PLURALISMO E REPRESENTAÇÃO PLURAL - NG6 - DR3

“A educação cívica numa democracia assenta em valores primários que se prendem com um código de honra, dignidade e verdade, que deveria ser tão naturalmente inscrito na vida quotidiana que não precisava de ser verbalizado. (...) Isto é uma questão antes de tudo cultural e não é por acaso que a escola tem estado sempre no centro do debate democrático. Não penso que a escola possa fazer tudo, mas há uma parte importante em que a própria aprendizagem deveria conduzir a uma absorção dos valores democráticos (...). É reconduzindo o ensino à sua componente humanista, em que na literatura, na filosofia, nas ciências se aprende a importância da crítica, da liberdade de pensar, da controvérsia, da diferença de pontos de vista, da precariedade das certezas, da complexidade da história”.
(Pacheco Pereira, 2002)

Sobre a relação entre democracia e cidadania democrática existem, não um, mas vários discursos, assentes em pressupostos ideológicos muito diversos, e mesmo, nalguns casos, antagónicos. Esses discursos reflectem diferentes visões do mundo e da sociedade, diferentes projectos político-sociais, e também diferentes concepções teóricas sobre a democracia, enquanto sistema de governo e modelo de organização social e política. Com efeito, a cidadania democrática parece ser “um valor” para muitas correntes do pensamento político, sendo possível, por exemplo, identificar autores e perspectivas em campos ideológicos tão diversos como o conservadorismo, o liberalismo, a social- democracia e o marxismo. Desta diversidade, e mesmo conflitualidade teórico-ideológica, se dá conta, no plano analítico, em disciplinas, como, por exemplo, a filosofia política, a ciência política ou a sociologia política.
Por outro lado, na história das sociedades é possível assinalar vários tipos de democracia (por exemplo, democracia representativa multipartidária, democracia representativa unipartidária, democracia participativa ou democracia directa). Considerando este facto histórico, desenvolverei, neste texto, um conjunto de argumentos sobre a relação entre e escola e os regimes políticos democráticos, a partir da minha identificação ideológica e política com a democracia liberal representativa, considerando que esse sistema de governo se fundamenta em valores e ideais que, em minha opinião, podem constituir uma das mais relevantes referências para o trabalho a desenvolver nas escolas em prol do desenvolvimento e consolidação de uma cultura e cidadania democráticas.

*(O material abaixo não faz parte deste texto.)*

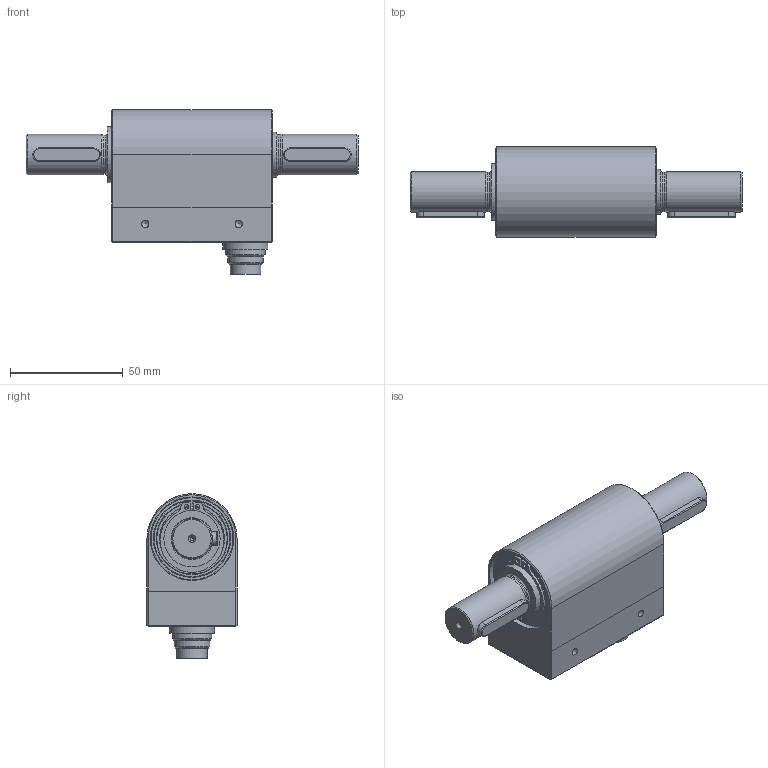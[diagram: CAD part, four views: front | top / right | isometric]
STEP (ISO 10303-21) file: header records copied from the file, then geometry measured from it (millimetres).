
FILE_DESCRIPTION( ( 'Unknown' ), '1' );
FILE_NAME( '2177-Z02_Drehmomentsensor_DOC-00070052.stp', 'Unknown', ( 'Unknown' ), ( 'Unknown' ), 'PSStep 17.0.49', 'Unknown', ' ' );
FILE_SCHEMA( ( 'AUTOMOTIVE_DESIGN { 1 0 10303 214 1 1 1 1 }' ) );
Length unit declared in the file: millimetre
Products named in the file (28): 2155-b03_doc-00037909-oa2; 2155-002_doc-00037341; Sicherungsring DIN 472-32x1,2-T1-oa1; INA-20x32x7-61804 2RS; 2177-B02_Welle_DOC-00070054; Sicherungsring DIN 471-25x1,2-T1; Sicherungsring DIN 471-20x1,2-T1; 2177-010_Welle_DOC-00070059; Paßfeder A6x6x30 DIN 6885_DOC-00070061; Paßfeder A6x6x30 DIN 6885_DOC-00070061-oa0; DOC-00081541; 2155-b05_doc-00037926; 2155-003_doc-00028061; Senkschraube DIN 965-M3x20-H; Senkschraube DIN 965-M3x20-H-oa3; Senkschraube DIN 965-M3x20-H-oa4; Senkschraube DIN 965-M3x20-H-oa5; Assem1; flanschstecker 12-polig serie 723; mutter m18x1,5_doc-00005961
Assembly tree (27 placements, depth 3):
  Assem1
    flanschstecker 12-polig serie 723
    mutter m18x1,5_doc-00005961
    2177-B02_Welle_DOC-00070054
      Sicherungsring DIN 471-25x1,2-T1
      Sicherungsring DIN 471-20x1,2-T1
      2177-010_Welle_DOC-00070059
      Paßfeder A6x6x30 DIN 6885_DOC-00070061
      Paßfeder A6x6x30 DIN 6885_DOC-00070061-oa0
      DOC-00081541
      DOC-00081541
      DOC-00081541
      DOC-00081541
      DOC-00081541
    2155-b03_doc-00037909-oa2
      2155-002_doc-00037341
      Sicherungsring DIN 472-32x1,2-T1-oa1
      INA-20x32x7-61804 2RS
      INA-20x32x7-61804 2RS
      INA-20x32x7-61804 2RS
      INA-20x32x7-61804 2RS
      INA-20x32x7-61804 2RS
    2155-b05_doc-00037926
      2155-003_doc-00028061
      Senkschraube DIN 965-M3x20-H
      Senkschraube DIN 965-M3x20-H-oa3
      Senkschraube DIN 965-M3x20-H-oa4
      Senkschraube DIN 965-M3x20-H-oa5
Bounding box: 147.5 x 40 x 73.15 mm (x, y, z)
Volume: 139498.1 mm3; surface area: 60441.4 mm2
Topology: 24 solids, 26 shells, 466 faces, 1007 edges, 652 vertices
Faces by surface type: plane 207, cylinder 182, cone 47, torus 30
Full cylindrical faces by diameter (mm): 1 x24, 1.6 x2, 2 x4, 2.387 x4, 2.459 x5, 2.5 x2, 3 x4, 3.242 x2, 3.4 x4, 5.6 x4, 12 x1, 13.5 x1, 15 x1, 15.875 x1, 16.5 x1, 17.4 x1, 17.462 x1, 17.6 x1, 17.8 x1, 18 x2, 19 x1, 20 x5, 22 x1, 23.9 x1, 24.031 x2, 25 x3, 28.5 x2, 28.7 x2, 28.8 x2, 29.02 x4
Entity records: 15720 total; most frequent: DIRECTION 2172, CARTESIAN_POINT 1984, ORIENTED_EDGE 1532, AXIS2_PLACEMENT_3D 913, EDGE_CURVE 766, EDGE_LOOP 744, VERTEX_POINT 605, FACE_OUTER_BOUND 592

1. Democracia política e cidadania democrática

Do ponto de vista das características básicas do sistema ou regime político, as chamadas democracias liberais representativas, são, sobretudo, caracterizadas pela existência e funcionamento de um Estado de Direito, assente na separação dos poderes político, legislativo e judicial, pela liberdade de opinião e pelo consequente pluralismo político. John Rawls (1997, p.33), um dos mais importantes teóricos da democracia liberal (a par de Isaiah Berlin e de Karl Popper), deixa muito claro que o pluralismo político e ideológico constitui um elemento chave da democracia:
“A cultura política de uma sociedade democrática é sempre marcada por uma diversidade de doutrinas políticas, religiosas, filosóficas e morais, opostas e irreconciliáveis”.
Na actualidade, em muitas partes do mundo, quando se fala em democracia, toma-se quase sempre a democracia liberal representativa como o arquétipo da democracia, incluindo nessa representação, não só as instituições políticas, mas também dimensões ético-culturais, normalmente associadas a uma reivindicada cultura humanista, que está na base de uma definição dita “ocidental” do conceito de “direitos humanos”. Todavia, facto aparentemente paradoxal, os dirigentes das chamadas “democracias populares”, governando sociedades com estruturas políticas e legais, e valores ético-culturais, muito diferentes daquelas que caracterizam as democracias “ocidentais” também se reclamavam da democracia. Uma análise, mesmo que superficial, evidenciaria muitas e importantes diferenças entre os dois tipos de sociedades. Com efeito, para um cidadão que viva num regime político pluralista, no qual o poder político é conquistado através de eleições livres, com voto secreto, pode parecer estranho que regimes de partido único se apresentem como democracias. Para este cidadão, não faz sentido falar de democracia em regimes de partido único, nos quais se verifica a ausência de aspectos estruturantes da democracia política.